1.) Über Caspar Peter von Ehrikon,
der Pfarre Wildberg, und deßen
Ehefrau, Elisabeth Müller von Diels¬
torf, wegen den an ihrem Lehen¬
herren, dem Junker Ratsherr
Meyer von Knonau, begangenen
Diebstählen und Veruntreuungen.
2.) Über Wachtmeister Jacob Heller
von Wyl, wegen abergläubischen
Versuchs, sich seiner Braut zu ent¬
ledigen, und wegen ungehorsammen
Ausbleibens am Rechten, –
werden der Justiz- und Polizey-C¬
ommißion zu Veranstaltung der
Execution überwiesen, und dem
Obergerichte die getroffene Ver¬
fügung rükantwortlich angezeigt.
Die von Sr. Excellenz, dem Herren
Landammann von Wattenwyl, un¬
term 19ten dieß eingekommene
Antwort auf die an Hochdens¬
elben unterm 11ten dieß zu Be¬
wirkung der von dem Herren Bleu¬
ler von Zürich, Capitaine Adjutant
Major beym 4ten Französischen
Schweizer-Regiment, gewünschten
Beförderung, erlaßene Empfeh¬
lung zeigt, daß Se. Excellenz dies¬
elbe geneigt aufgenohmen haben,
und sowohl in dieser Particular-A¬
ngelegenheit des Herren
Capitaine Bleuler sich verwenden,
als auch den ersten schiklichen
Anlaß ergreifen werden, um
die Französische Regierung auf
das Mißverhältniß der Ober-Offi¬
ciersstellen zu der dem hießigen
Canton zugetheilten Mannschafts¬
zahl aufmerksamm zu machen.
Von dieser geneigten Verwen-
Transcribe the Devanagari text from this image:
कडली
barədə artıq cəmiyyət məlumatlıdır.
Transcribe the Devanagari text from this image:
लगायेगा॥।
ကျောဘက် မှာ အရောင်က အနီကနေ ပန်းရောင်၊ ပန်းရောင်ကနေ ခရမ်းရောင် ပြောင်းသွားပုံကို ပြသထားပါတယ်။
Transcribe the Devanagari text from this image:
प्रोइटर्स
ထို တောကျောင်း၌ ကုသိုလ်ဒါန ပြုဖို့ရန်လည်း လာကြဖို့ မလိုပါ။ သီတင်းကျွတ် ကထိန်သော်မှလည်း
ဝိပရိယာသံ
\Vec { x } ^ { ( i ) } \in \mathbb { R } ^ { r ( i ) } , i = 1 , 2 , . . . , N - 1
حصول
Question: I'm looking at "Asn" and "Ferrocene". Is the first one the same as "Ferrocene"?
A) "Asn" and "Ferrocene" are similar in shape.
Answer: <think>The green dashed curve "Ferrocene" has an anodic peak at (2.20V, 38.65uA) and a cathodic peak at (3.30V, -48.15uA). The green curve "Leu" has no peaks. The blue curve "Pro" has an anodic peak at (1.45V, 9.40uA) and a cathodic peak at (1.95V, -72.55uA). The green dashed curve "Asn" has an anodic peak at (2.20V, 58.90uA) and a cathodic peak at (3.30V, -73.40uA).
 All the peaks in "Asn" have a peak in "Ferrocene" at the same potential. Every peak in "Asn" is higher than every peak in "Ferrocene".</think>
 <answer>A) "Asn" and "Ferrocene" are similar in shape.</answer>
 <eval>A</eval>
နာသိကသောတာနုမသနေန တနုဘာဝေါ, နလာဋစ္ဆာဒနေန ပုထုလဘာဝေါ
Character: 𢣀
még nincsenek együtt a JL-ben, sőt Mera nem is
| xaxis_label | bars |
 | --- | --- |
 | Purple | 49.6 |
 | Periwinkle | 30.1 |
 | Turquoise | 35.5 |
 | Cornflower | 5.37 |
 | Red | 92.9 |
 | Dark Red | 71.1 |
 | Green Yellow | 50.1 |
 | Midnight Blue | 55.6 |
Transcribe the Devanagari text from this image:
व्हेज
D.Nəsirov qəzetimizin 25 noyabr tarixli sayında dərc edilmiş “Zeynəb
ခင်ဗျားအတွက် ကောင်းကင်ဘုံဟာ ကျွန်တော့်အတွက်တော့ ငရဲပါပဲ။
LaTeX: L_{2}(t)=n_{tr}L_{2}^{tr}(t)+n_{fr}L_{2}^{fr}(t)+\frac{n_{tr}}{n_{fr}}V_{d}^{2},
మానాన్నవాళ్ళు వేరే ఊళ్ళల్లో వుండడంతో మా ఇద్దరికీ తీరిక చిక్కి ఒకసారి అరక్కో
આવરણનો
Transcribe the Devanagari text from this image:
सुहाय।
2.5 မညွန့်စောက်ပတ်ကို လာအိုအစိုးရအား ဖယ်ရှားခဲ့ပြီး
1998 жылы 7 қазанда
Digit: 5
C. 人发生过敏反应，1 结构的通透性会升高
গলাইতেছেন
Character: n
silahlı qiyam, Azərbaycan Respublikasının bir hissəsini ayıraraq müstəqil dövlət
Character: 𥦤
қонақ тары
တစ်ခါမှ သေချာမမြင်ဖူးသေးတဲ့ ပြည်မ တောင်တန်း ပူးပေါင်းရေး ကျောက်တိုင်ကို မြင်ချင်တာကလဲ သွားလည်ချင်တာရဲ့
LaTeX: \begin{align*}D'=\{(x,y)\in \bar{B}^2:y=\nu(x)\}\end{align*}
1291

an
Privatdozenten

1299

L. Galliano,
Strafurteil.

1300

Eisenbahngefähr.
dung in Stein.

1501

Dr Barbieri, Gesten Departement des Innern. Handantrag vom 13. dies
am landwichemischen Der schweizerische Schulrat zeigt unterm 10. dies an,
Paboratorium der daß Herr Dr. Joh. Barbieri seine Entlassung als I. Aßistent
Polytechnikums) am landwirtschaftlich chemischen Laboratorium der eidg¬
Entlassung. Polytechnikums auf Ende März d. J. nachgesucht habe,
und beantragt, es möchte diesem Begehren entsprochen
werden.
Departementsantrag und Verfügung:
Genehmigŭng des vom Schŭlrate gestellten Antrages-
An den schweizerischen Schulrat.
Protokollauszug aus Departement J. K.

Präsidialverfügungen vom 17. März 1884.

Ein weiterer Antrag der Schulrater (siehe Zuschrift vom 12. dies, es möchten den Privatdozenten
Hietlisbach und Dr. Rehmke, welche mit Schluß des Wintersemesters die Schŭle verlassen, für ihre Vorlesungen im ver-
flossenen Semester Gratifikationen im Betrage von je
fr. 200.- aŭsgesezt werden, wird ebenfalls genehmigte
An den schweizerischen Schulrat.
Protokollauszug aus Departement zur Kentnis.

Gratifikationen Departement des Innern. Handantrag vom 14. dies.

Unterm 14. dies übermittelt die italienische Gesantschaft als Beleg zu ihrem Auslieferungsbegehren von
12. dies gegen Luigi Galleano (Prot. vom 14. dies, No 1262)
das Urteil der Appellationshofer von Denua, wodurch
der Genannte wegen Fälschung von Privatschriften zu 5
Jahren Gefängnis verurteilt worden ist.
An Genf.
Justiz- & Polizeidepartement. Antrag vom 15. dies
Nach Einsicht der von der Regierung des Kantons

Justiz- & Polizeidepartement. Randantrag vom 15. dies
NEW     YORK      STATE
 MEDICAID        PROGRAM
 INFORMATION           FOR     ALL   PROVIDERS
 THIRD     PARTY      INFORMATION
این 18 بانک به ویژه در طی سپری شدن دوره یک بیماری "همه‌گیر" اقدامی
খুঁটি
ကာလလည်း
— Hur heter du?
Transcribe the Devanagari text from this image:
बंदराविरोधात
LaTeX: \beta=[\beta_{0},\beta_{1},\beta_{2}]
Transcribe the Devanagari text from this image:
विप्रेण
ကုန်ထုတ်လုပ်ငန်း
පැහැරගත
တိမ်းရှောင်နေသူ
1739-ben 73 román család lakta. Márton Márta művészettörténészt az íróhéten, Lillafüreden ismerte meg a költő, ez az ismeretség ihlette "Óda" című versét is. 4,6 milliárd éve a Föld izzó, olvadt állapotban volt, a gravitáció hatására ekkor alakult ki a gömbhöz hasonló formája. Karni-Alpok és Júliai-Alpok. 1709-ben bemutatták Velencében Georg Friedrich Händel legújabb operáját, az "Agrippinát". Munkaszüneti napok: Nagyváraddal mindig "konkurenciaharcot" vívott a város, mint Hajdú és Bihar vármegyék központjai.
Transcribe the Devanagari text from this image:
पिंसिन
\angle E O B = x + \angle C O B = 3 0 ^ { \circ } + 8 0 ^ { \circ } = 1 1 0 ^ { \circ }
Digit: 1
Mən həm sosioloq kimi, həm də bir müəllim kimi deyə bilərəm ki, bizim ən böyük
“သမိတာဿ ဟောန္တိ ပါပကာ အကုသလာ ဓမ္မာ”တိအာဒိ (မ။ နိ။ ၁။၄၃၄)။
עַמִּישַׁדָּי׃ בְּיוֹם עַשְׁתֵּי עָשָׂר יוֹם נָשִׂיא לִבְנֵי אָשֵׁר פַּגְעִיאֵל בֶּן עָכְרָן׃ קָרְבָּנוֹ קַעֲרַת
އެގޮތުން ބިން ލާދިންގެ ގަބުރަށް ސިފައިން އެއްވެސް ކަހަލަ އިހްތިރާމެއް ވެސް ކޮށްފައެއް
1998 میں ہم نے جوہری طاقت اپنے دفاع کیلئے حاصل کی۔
============
§ **TASK TO COMPLETE**:
The output should be exactly the lines above from the line containing "ngelegenheit des Herren" to the line containing "Canton zugetheilten Mannschafts¬", inclusive, with no other lines.

§ **EXERCISE RESPONSE**:
ngelegenheit des Herren
Capitaine Bleuler sich verwenden,
als auch den ersten schiklichen
Anlaß ergreifen werden, um
die Französische Regierung auf
das Mißverhältniß der Ober-Offi¬
ciersstellen zu der dem hießigen
Canton zugetheilten Mannschafts¬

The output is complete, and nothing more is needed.